*** DATA RECORDS ***

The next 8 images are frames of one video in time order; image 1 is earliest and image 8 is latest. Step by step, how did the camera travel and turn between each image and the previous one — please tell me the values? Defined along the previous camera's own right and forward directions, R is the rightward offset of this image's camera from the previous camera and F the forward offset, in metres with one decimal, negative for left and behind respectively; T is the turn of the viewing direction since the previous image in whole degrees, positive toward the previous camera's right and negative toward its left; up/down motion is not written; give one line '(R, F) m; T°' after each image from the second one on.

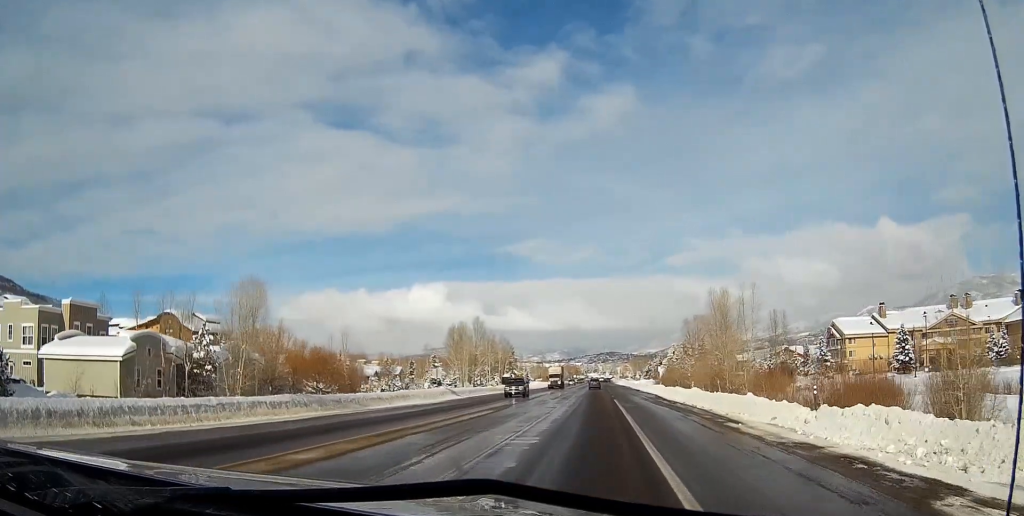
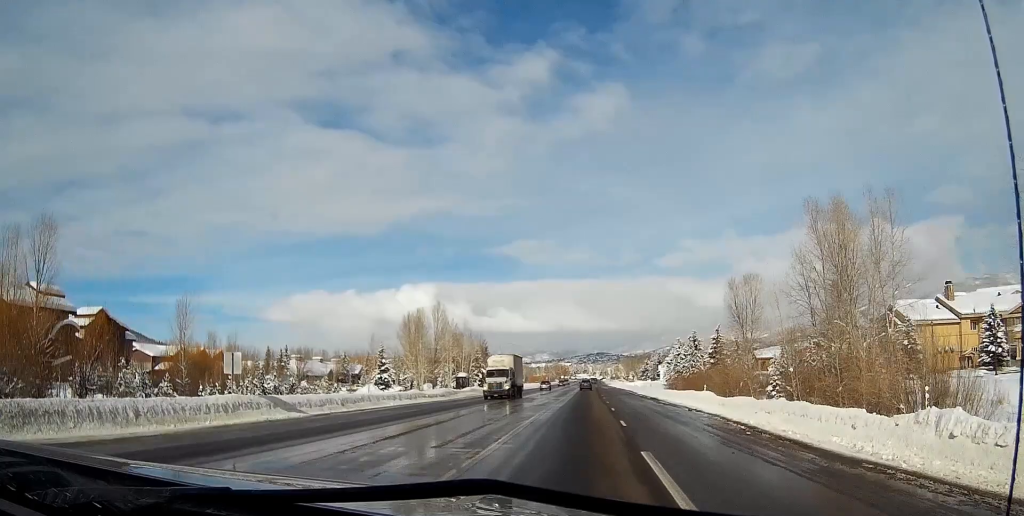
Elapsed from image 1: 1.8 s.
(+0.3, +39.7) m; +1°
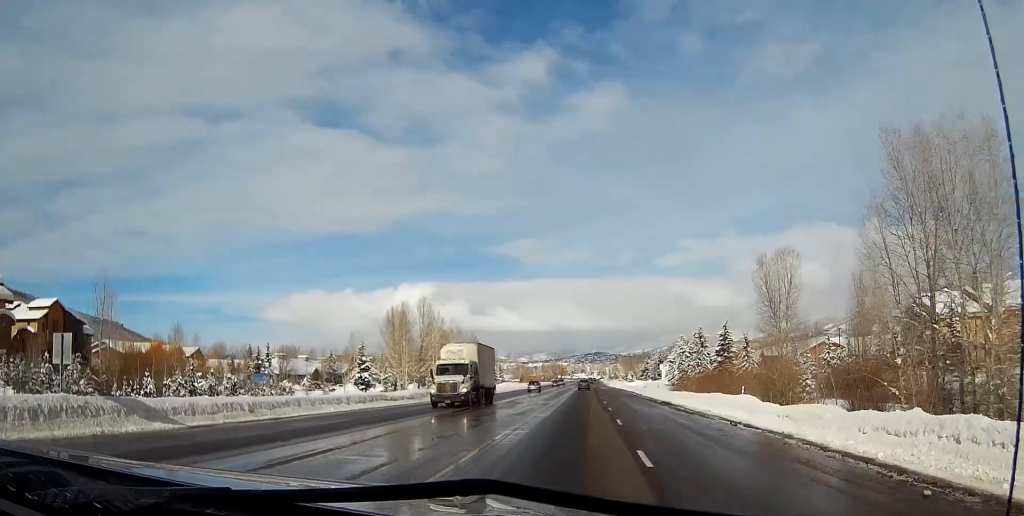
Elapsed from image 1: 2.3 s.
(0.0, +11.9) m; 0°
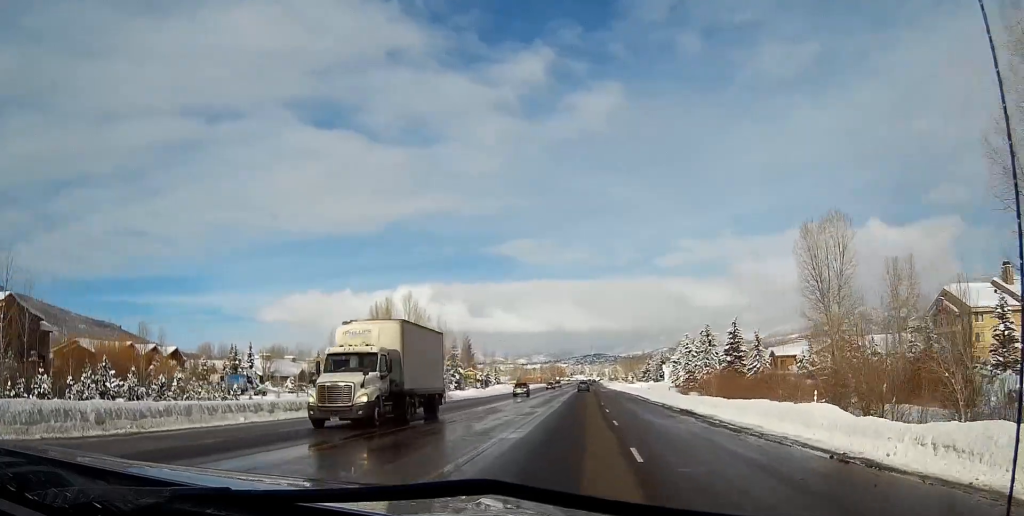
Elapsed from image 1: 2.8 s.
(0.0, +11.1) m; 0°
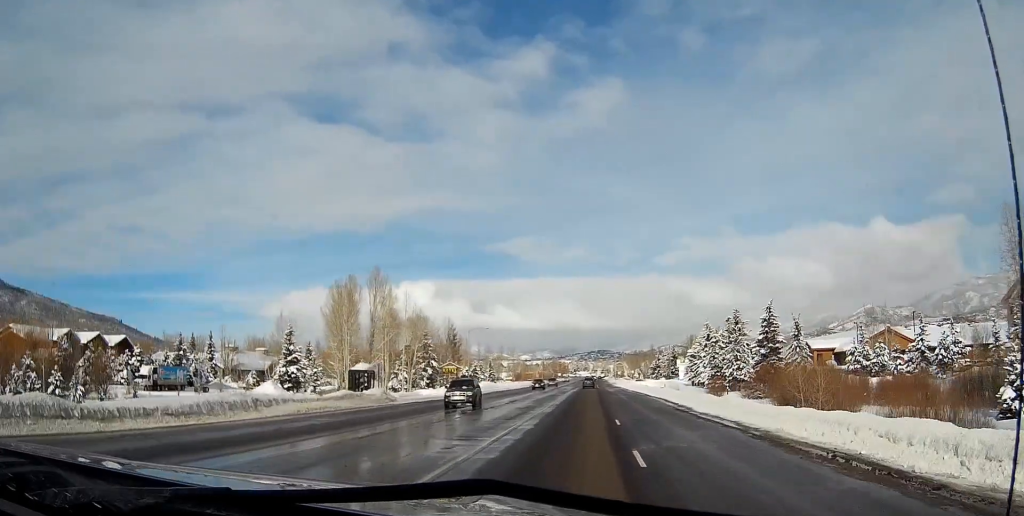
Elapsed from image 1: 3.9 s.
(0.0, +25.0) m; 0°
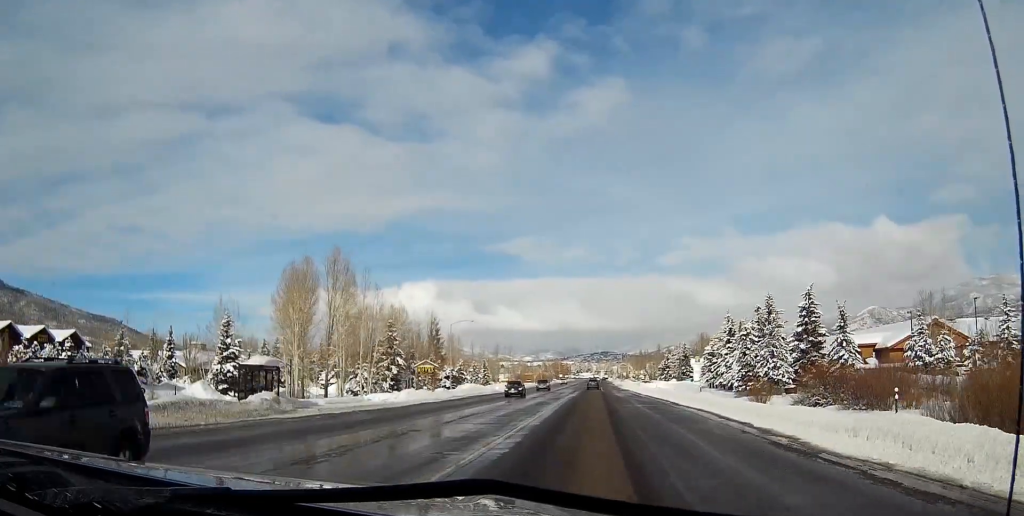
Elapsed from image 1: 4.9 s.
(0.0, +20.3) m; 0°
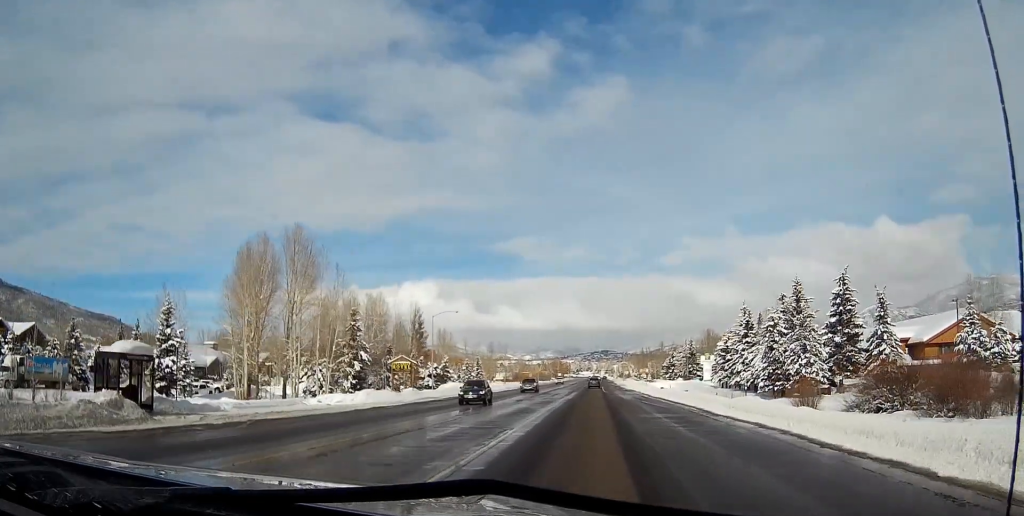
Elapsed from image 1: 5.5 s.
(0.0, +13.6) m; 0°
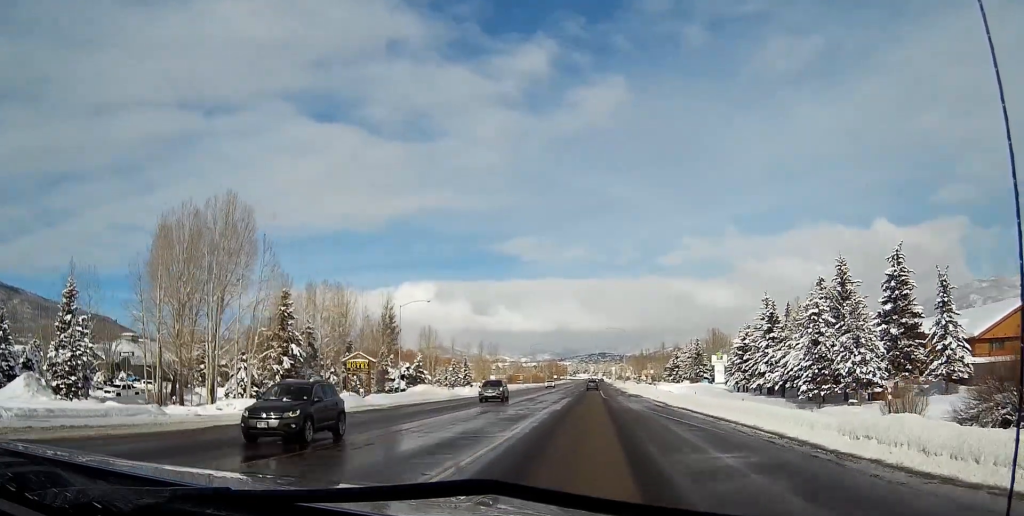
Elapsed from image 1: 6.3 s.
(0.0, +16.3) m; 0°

***

→ TASK OBJECTIVE: With the pictures left aside, set down each entry above exactly as it stands.

→ ANSWER BOX:
The next 8 images are frames of one video in time order; image 1 is earliest and image 8 is latest. Step by step, how did the camera travel and turn between each image and the previous one — please tell me the values? Defined along the previous camera's own right and forward directions, R is the rightward offset of this image's camera from the previous camera and F the forward offset, in metres with one decimal, negative for left and behind respectively; T is the turn of the viewing direction since the previous image in whole degrees, positive toward the previous camera's right and negative toward its left; up/down motion is not written; give one line '(R, F) m; T°' after each image from the second one on.

Elapsed from image 1: 1.8 s.
(+0.3, +39.7) m; +1°
Elapsed from image 1: 2.3 s.
(0.0, +11.9) m; 0°
Elapsed from image 1: 2.8 s.
(0.0, +11.1) m; 0°
Elapsed from image 1: 3.9 s.
(0.0, +25.0) m; 0°
Elapsed from image 1: 4.9 s.
(0.0, +20.3) m; 0°
Elapsed from image 1: 5.5 s.
(0.0, +13.6) m; 0°
Elapsed from image 1: 6.3 s.
(0.0, +16.3) m; 0°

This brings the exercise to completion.